About this universe
Michael Thorne, shrunken to five inches tall, must navigate daily life and mounting intimacy in the care of three very different roommates. As boundaries blur, the comforts and dangers of dependency reveal hidden urges and shifting alliances. Survive the semester, secure your stipend, and discover what intimacy means when size changes everything.
Tone
Intimate and tense, with an undercurrent of dark curiosity and vulnerability.
Themes
power and dependence, intimacy vs. possession, emotional honesty, boundaries and transgression
Protagonist
Michael Thorne
Michael Thorne wears the wariness of someone perpetually out of place, his movements precise and careful, his gaze flickering with a mix of stubborn humor and unease. Five inches tall, he’s wiry, with tousled brown hair and sharp blue eyes. Dressed in a miniature shirt and sweatpants, he carries himself with the quiet determination of a student who refuses to be a novelty, or a victim.
Goal: To eat breakfast and navigate the immediate situation without incident.
How it begins
Michael steadies himself on the rim of a ceramic cereal bowl, peering across the vast expanse of the kitchen table. The air smells like coffee and vanilla. Serena’s enormous hand drops a spoon with casual force, and the table trembles under Michael’s feet.

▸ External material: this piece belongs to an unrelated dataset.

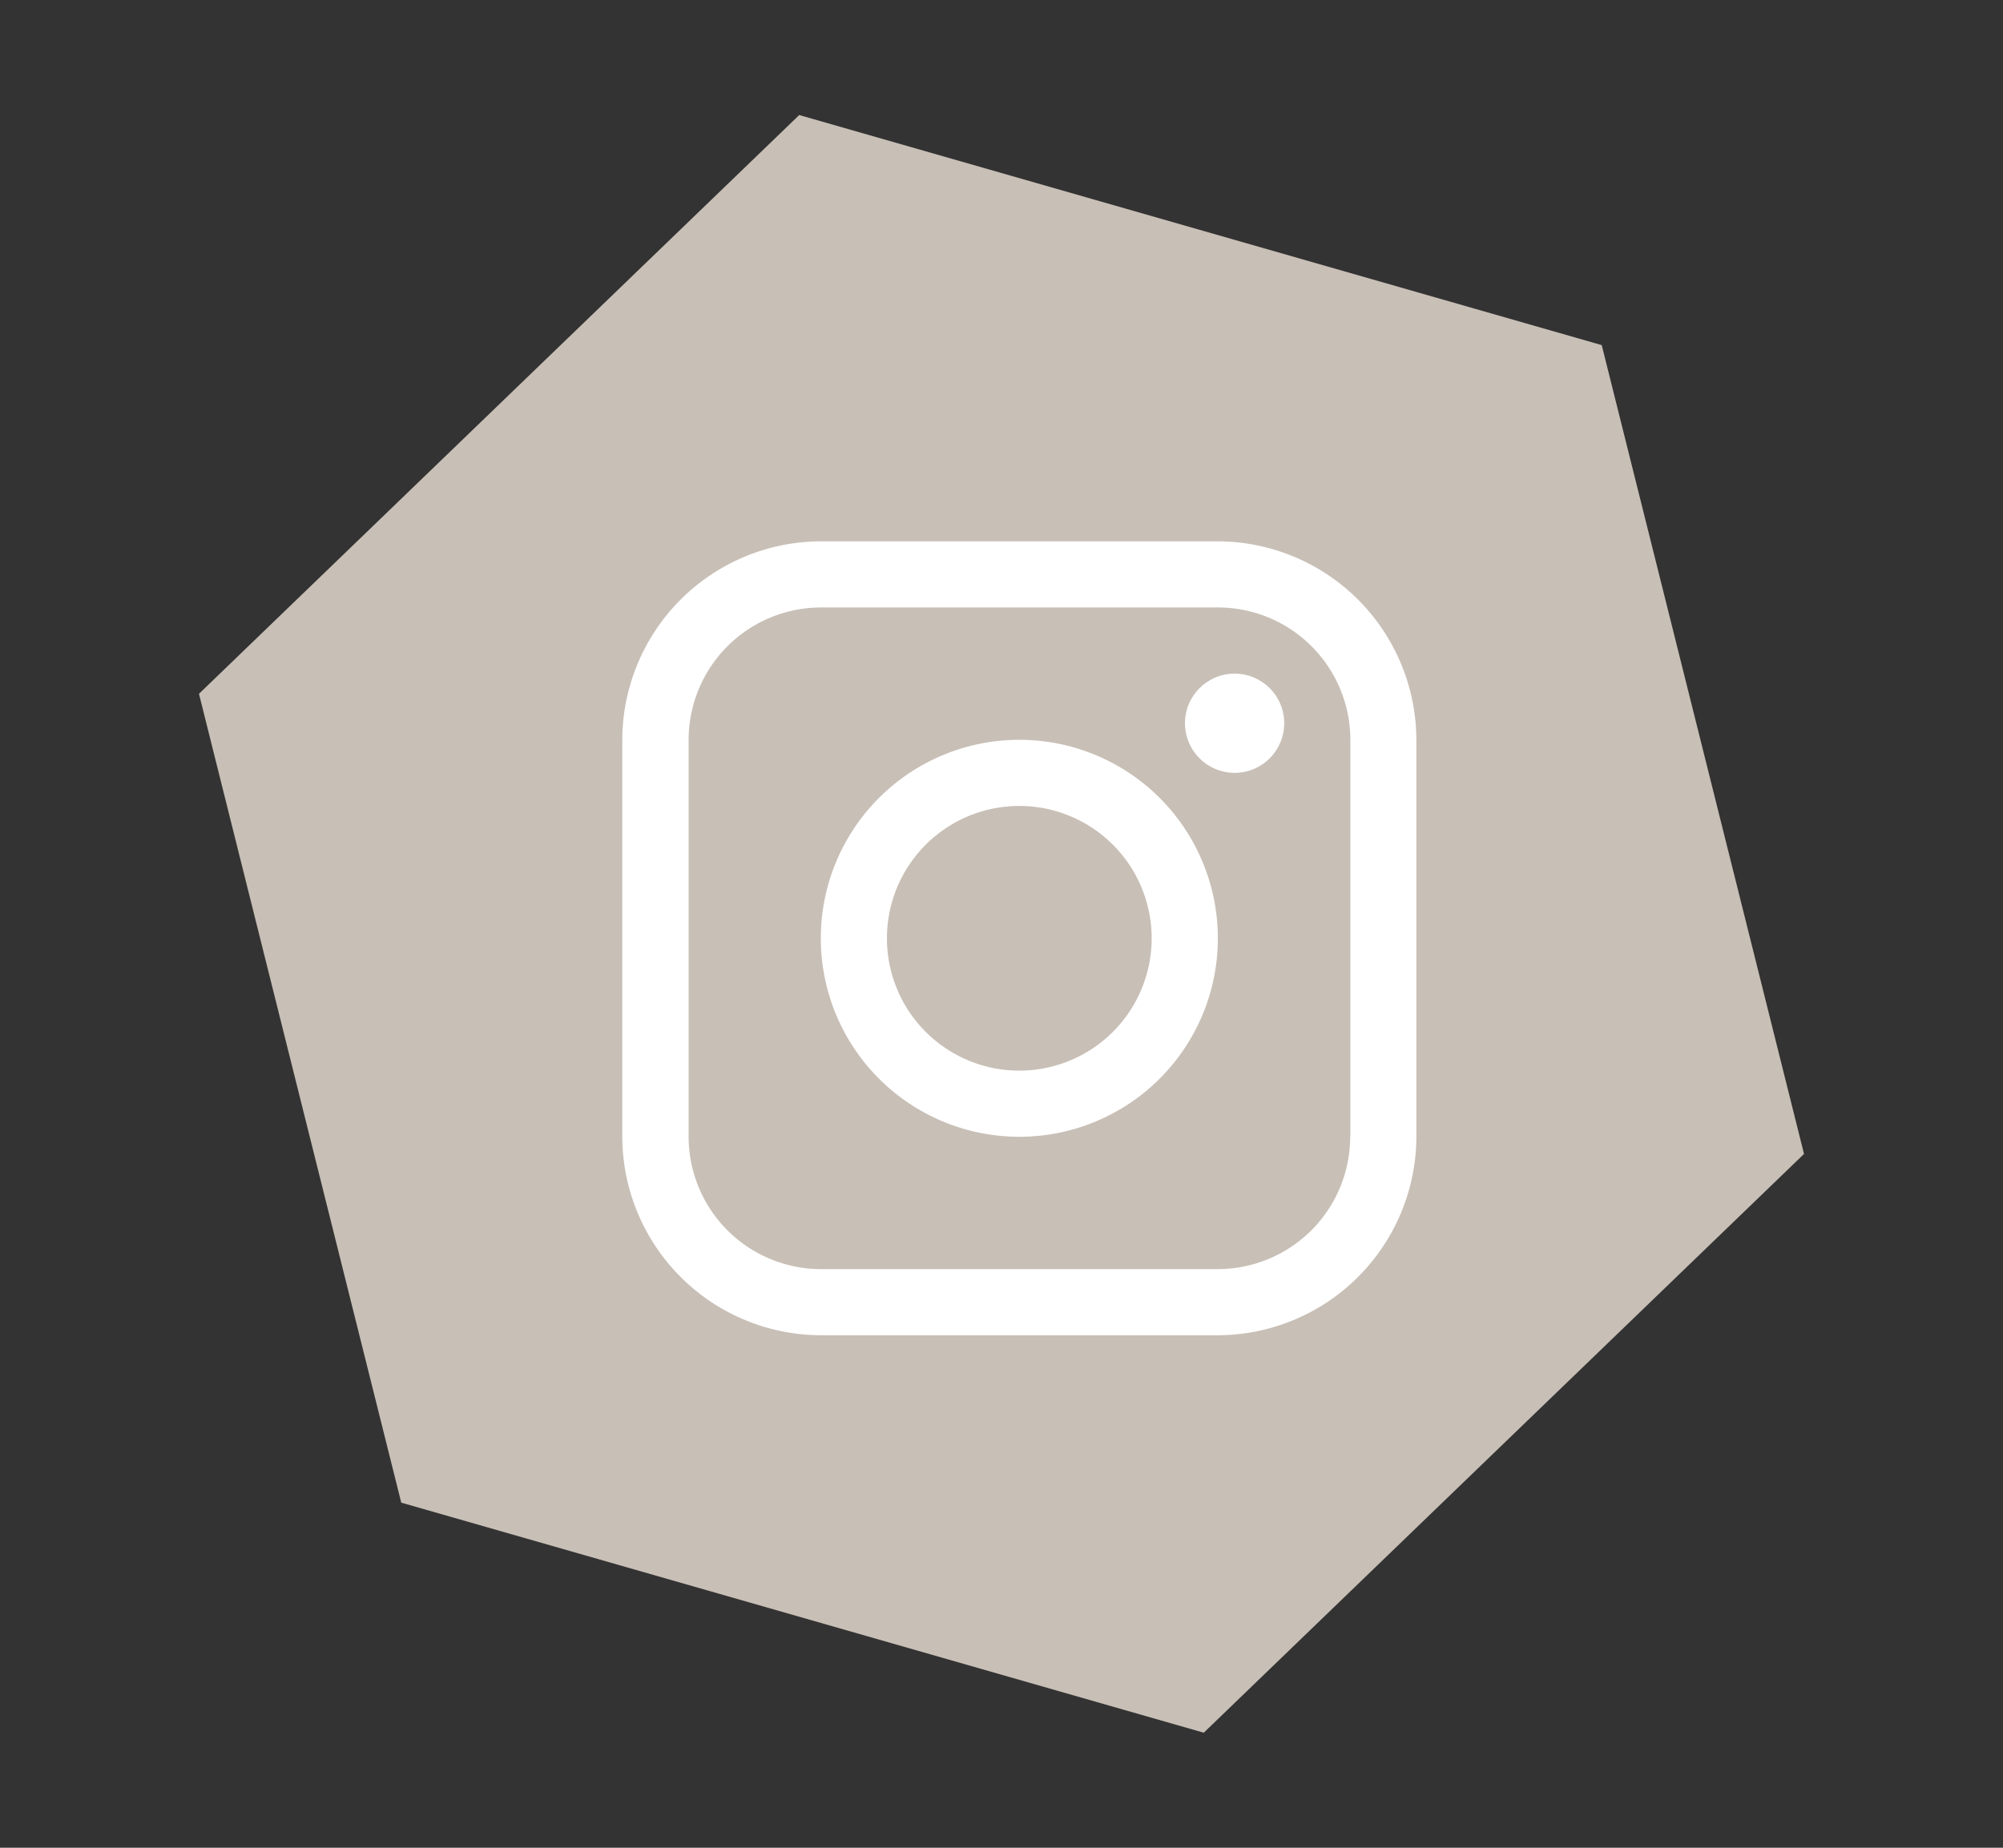 <svg xmlns="http://www.w3.org/2000/svg" width="55.492" height="51.201" viewBox="0 0 55.492 51.201"><rect x="0" y="0" width="55.492" height="51.201" fill="#333333" stroke="none"/><defs><style>.a{fill:#c8bfb6;}.b{fill:#fff;}</style></defs><g transform="translate(-804.756 -537)"><path class="a" d="M34.694,0,46.259,20,34.694,40H11.565L0,20,11.565,0Z" transform="translate(815.781 537) rotate(16)"/><g transform="translate(821.996 552)"><g transform="translate(0.005)"><g transform="translate(0)"><path class="b" d="M16.5,0H5.5A5.516,5.516,0,0,0,0,5.5v11A5.517,5.517,0,0,0,5.5,22h11A5.517,5.517,0,0,0,22,16.5V5.5A5.516,5.516,0,0,0,16.5,0Zm3.666,16.5A3.671,3.671,0,0,1,16.5,20.167H5.5A3.671,3.671,0,0,1,1.838,16.5V5.5A3.671,3.671,0,0,1,5.5,1.833h11A3.67,3.67,0,0,1,20.171,5.5v11Z" transform="translate(-0.005)"/></g></g><g transform="translate(15.589 3.666)"><circle class="b" cx="1.375" cy="1.375" r="1.375"/></g><g transform="translate(5.505 5.5)"><path class="b" d="M107.9,102.4a5.5,5.5,0,1,0,5.5,5.5A5.5,5.5,0,0,0,107.9,102.4Zm0,9.167a3.667,3.667,0,1,1,3.666-3.667A3.667,3.667,0,0,1,107.9,111.567Z" transform="translate(-102.405 -102.4)"/></g></g></g></svg>

“You’re gonna want to eat fast,”
Serena announces, grinning down at him. Her hazel-green eyes flick briefly to Naomi, who hovers uncertainly nearby, hands tucked into her cardigan sleeves. Emily bounces into view, arms full of cereal boxes, her hair a pink-streaked mess.
“What do you want, tiny dude? We’ve got chocolate, honey, fiber stuff, ”
She pours a mountain of cereal next to Michael’s bowl, sending a few boulders tumbling his way. Naomi leans closer, voice barely above a whisper.
“Do you need help?”
Michael’s heart pounds. Every gesture around him is another avalanche, every word a gust of wind. He tries to steady his nerves, glancing between the three faces looming above, each so different: Serena’s teasing smile, Emily’s eager warmth, Naomi’s anxious focus. He lifts his voice, hoping to be heard over the noise.
“I’m okay. Just… give me a second.”
His spoon feels awkward and heavy. The three roommates watch, silent for a beat, as Michael tries not to look overwhelmed.
About this world
At Westbridge University, select students volunteer to shrink to just a few inches tall as part of the Miniature Living Initiative. Handlers, regular-sized students, are tasked with their care, resulting in a campus microcosm defined by improvised accommodations, outsized intimacy, and shifting power dynamics. The program is both a spectacle and a social experiment on dependency and control.
Westbridge University sprawls across a leafy college town, its red brick halls and modern labs blending old academic tradition with experimental ambition. The Miniature Living Initiative (MLI) is the school’s most infamous program: each semester, a handful of students undergo safe, reversible miniaturization, shrinking to between three and six inches in height. Their daily survival depends on the generosity and competence of assigned student handlers, who house, transport, and protect their charges for a lucrative stipend.
The MLI apartments are a micro-world within the larger campus: dollhouses and playsets double as bedrooms, kitchen counters become mountains, and the ordinary bustle of student life becomes hazardous. Despite official guidelines on professionalism and consent, most handlers are unprepared for the emotional and practical realities of caring for someone so small. Public curiosity is high, rumors swirl about the ‘pet-sized roommates’, fueling a strange fame for participants.
Handler-minis pairings are as much psychological as logistical. Some handlers treat minis with warmth or awe, others as curiosities or amusements. Boundaries blur over time, shaped by constant proximity, physical vulnerability, and the casual intimacy of daily care. The program’s tech is advanced but not omnipresent: miniaturized participants have access to tiny computers, wearable communications, and some custom furniture, but much depends on improvisation and the good will of their handlers.
Outside, Westbridge is lively and picturesque, but for the minis, the apartment is often the entire world, its ecosystem defined by the personalities, needs, and impulses of both roommates and their tiny charge. The semester’s stakes are survival, stipend, and the shifting lines between dependency, trust, and possessiveness.